◆ Problem ◆
Line by line, transcribe the data below exactly and pass over the images.

Items listed in a dataset:
=== Section Start ===
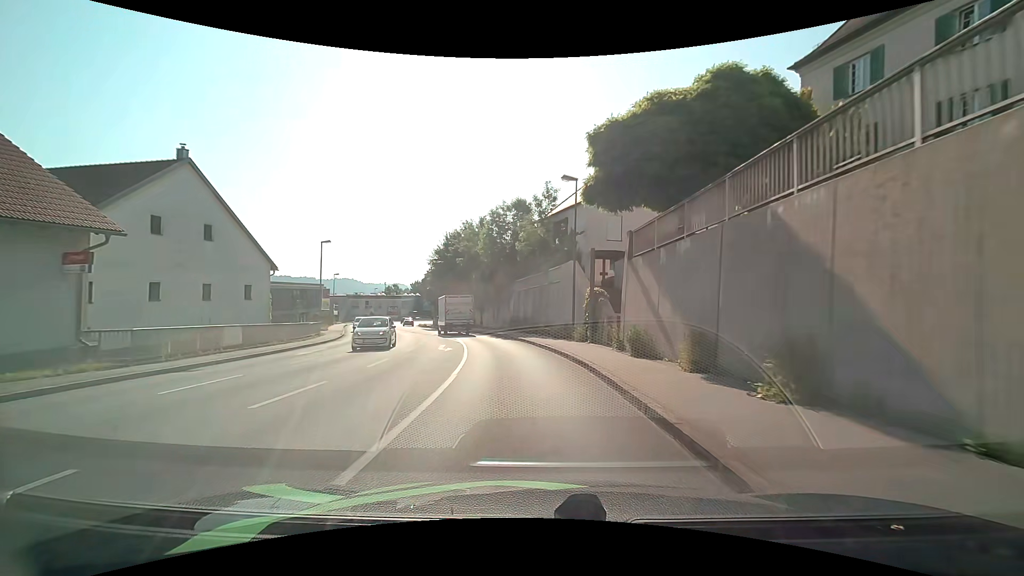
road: tertiary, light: Day
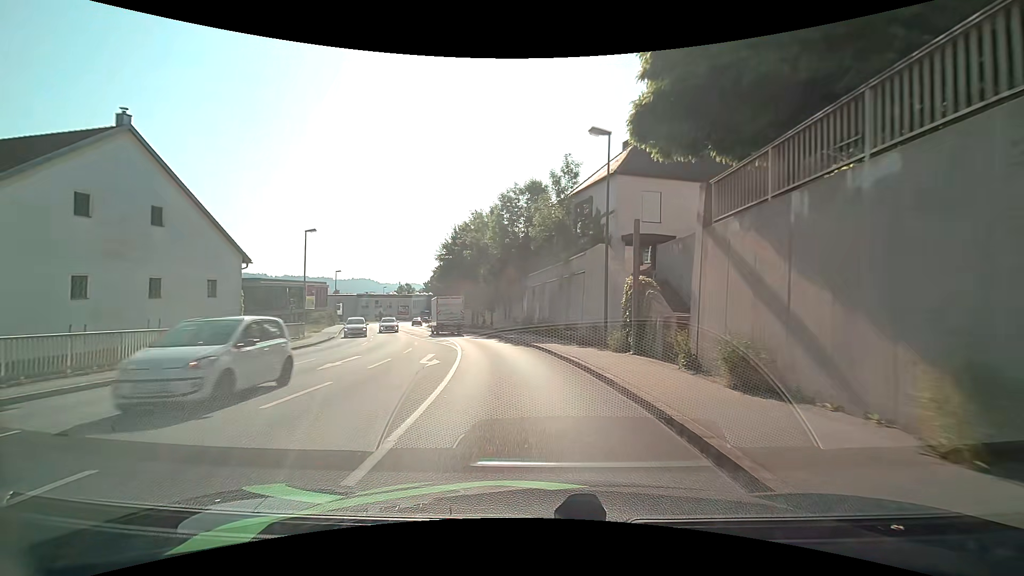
(-0.1, +6.1) m; -2°
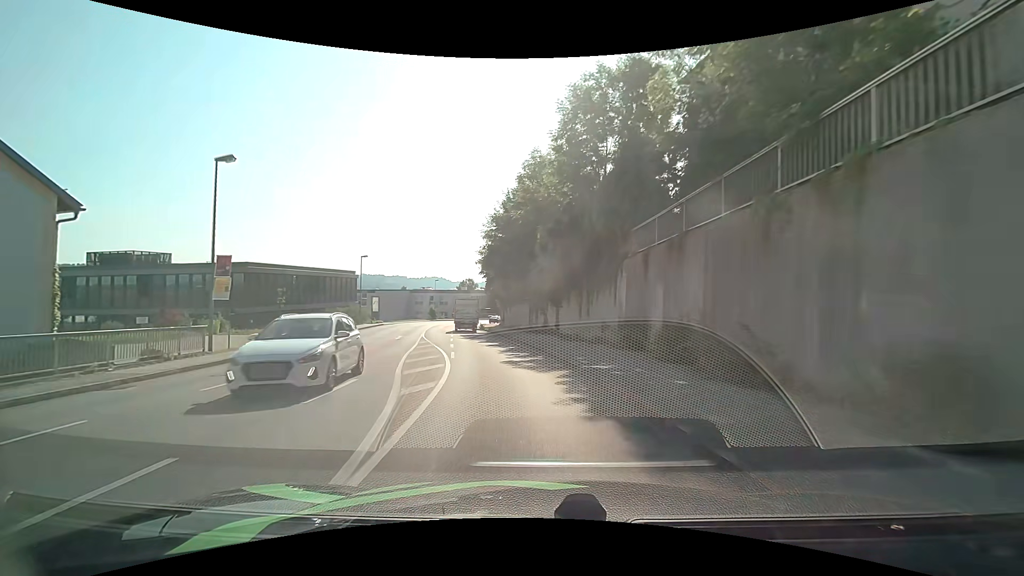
(-1.3, +18.3) m; -8°
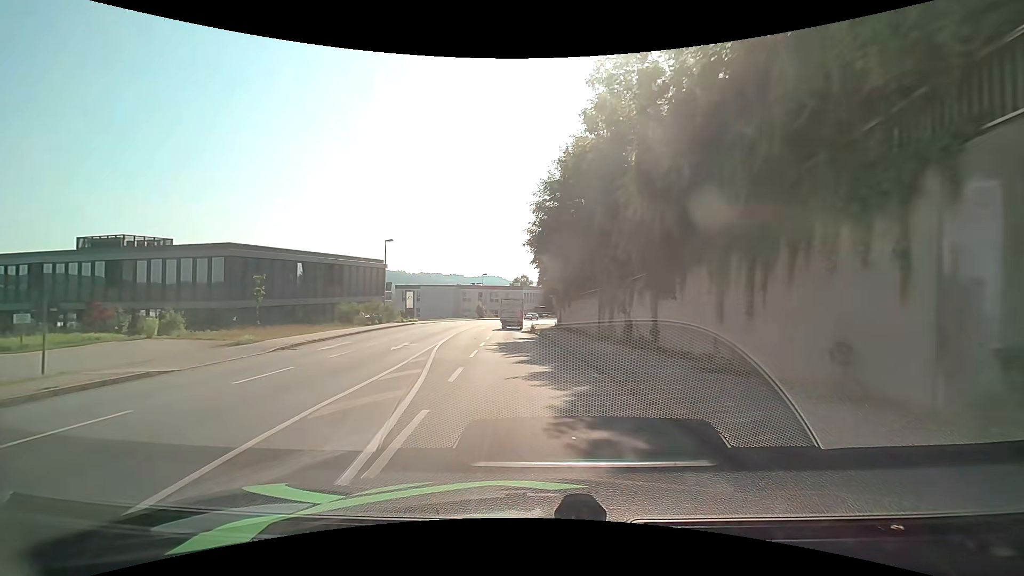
(-0.7, +12.2) m; -6°
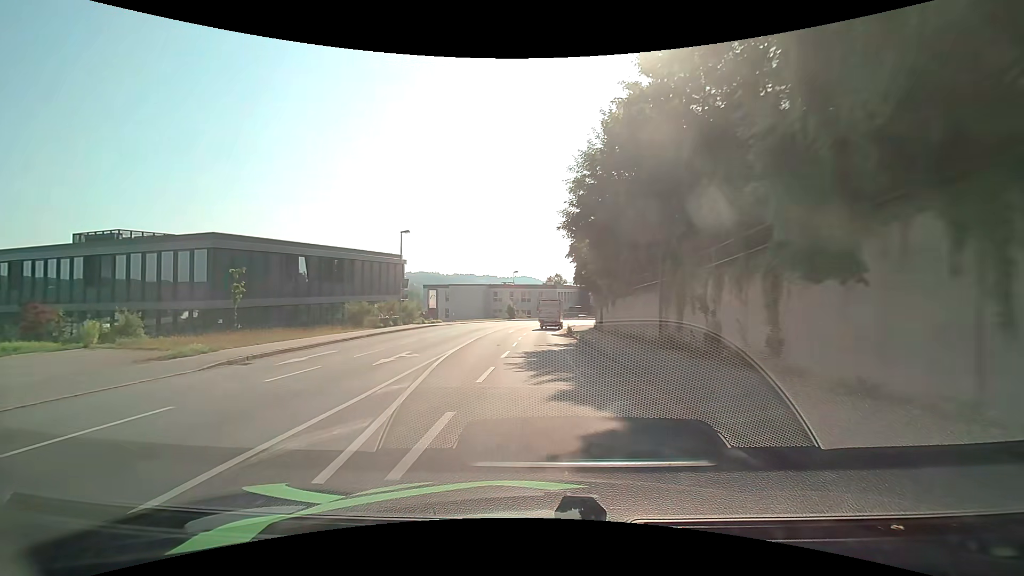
(-0.2, +6.2) m; -4°
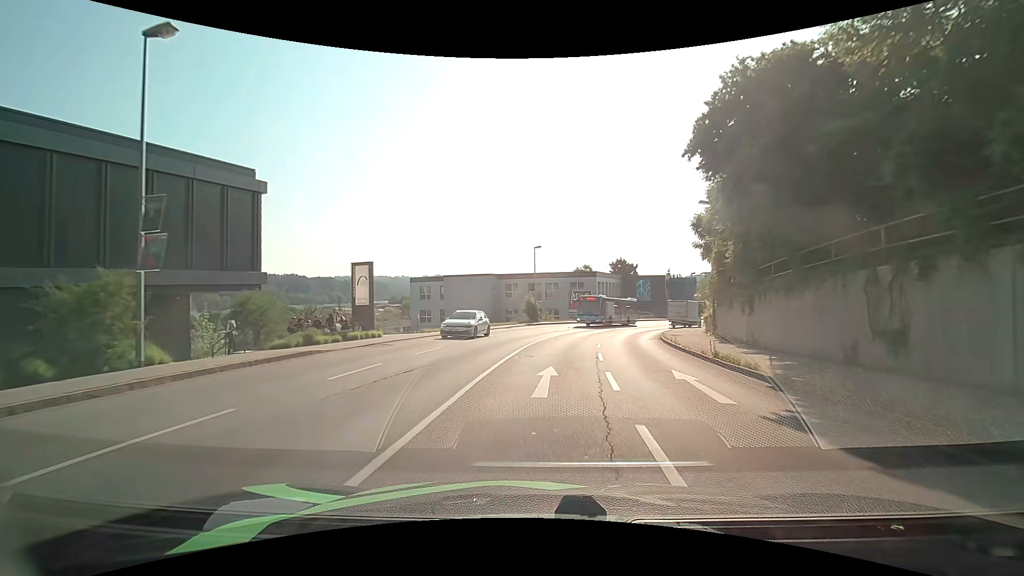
(-2.3, +30.9) m; -2°
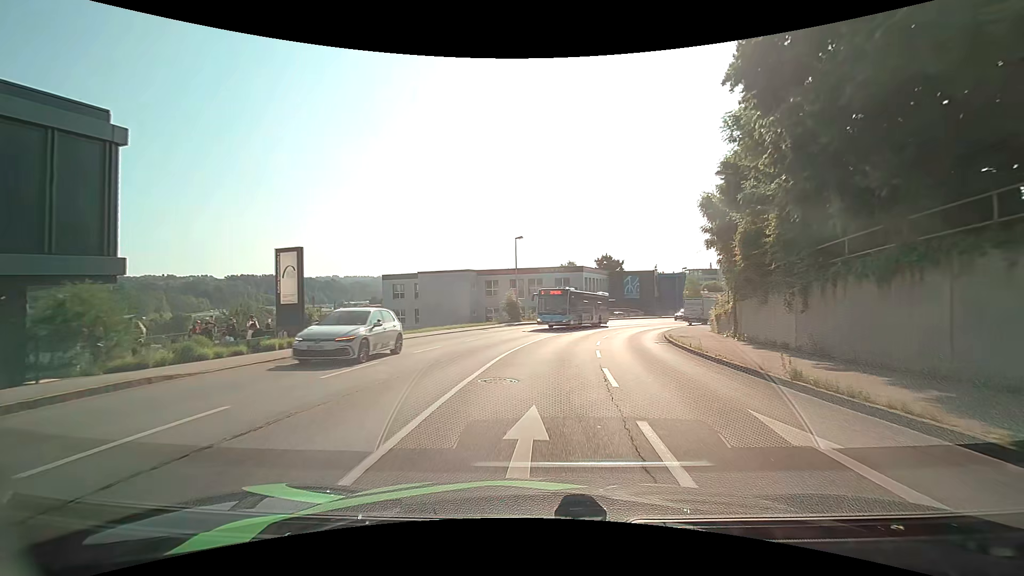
(+0.1, +5.7) m; +1°
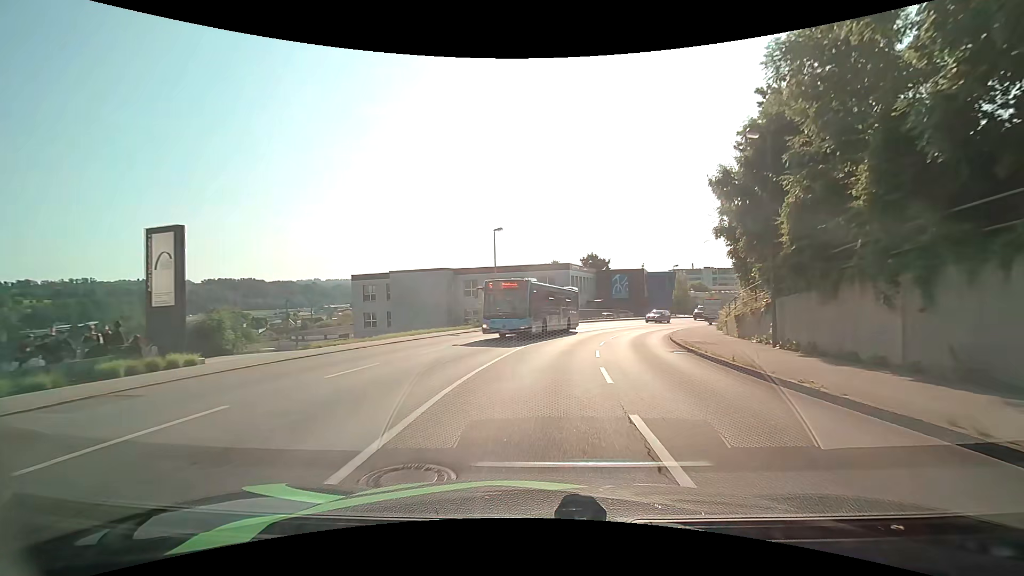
(+0.2, +5.6) m; +2°
(0, +10) (+1, +20) (+3, +30) (+6, +39) (+10, +49) (+15, +57) (+21, +65) (+27, +73) (+35, +79) (+43, +85) m
=== Section End ===
◆ Result of the exercise ◆
road: tertiary, light: Day
(-0.1, +6.1) m; -2°
(-1.3, +18.3) m; -8°
(-0.7, +12.2) m; -6°
(-0.2, +6.2) m; -4°
(-2.3, +30.9) m; -2°
(+0.1, +5.7) m; +1°
(+0.2, +5.6) m; +2°
(0, +10) (+1, +20) (+3, +30) (+6, +39) (+10, +49) (+15, +57) (+21, +65) (+27, +73) (+35, +79) (+43, +85) m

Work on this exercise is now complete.